Making of

This is a book that eats its own dog food, proverbially speaking. It was written in clean HTML5, with a few data- attributes, defined by O’Reilly’s HTMLBook standard (oreillymedia.github.io/HTMLBook). This means that everything you see in this book—the layout, the figures, the colors—is HTML styled with CSS. A lot of the figures are also generated with SVG or use SVG data URIs, generated via SCSS functions. The few math formulas were written in LaTeX and then converted to MathML behind the scenes. You may find it amusing that the page numbers, chapter numbers, and secret numbers are merely CSS counters.

Many of the books O’Reilly publishes these days are made that way. They have built a system especially for this purpose, called Atlas (atlas.oreilly.com). The best thing about Atlas is that it’s also available for the public, not just for official O’Reilly use.

However, this book was not a typical Atlas use case.

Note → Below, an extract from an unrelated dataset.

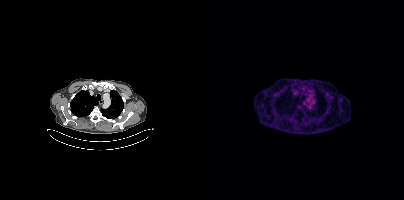
{"modality":"PSMA PET/CT","view":"axial","tracer":"[68Ga]Ga-PSMA-11","pet_grid":[200,200],"coord_frame":"pet_panel","coord_format":"x0,y0,x1,y1","psma_avid_lesions":false}

It pushed the limits of what is possible today with CSS for printing, in a way that—to my knowledge—no other book has. It helped us find many bugs in Atlas and Antenna House (the PDF renderer used by Atlas) and even many issues with the print-related CSS specifications themselves, which I took to the CSS WG.

“How much code does it take to make a book like this with web technologies?” you might ask. Let’s look at a few statistics (before production):

  • This book is styled with 4,700 lines of SCSS, compiling to 3,800 lines of CSS.

  • A little over 10,000 lines of HTML. ...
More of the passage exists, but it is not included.